Activity
Among the entries below, one line contains "Board (FEN): 8/8/8/8/P1p5/2k2K2/1R6/8" and another contains "An aerial image.". Transcribe those two lines and every line between them, exactly.

Records for this task
○ ○ ○ ○ ○ ○ ○

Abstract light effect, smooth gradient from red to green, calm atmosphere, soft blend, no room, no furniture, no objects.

○ ○ ○ ○ ○ ○ ○

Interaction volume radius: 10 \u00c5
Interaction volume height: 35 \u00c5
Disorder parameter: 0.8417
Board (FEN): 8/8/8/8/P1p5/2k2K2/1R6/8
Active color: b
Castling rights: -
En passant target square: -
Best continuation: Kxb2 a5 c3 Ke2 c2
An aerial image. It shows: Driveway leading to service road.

○ ○ ○ ○ ○ ○ ○

Exercise response
Board (FEN): 8/8/8/8/P1p5/2k2K2/1R6/8
Active color: b
Castling rights: -
En passant target square: -
Best continuation: Kxb2 a5 c3 Ke2 c2
An aerial image. It shows: Driveway leading to service road.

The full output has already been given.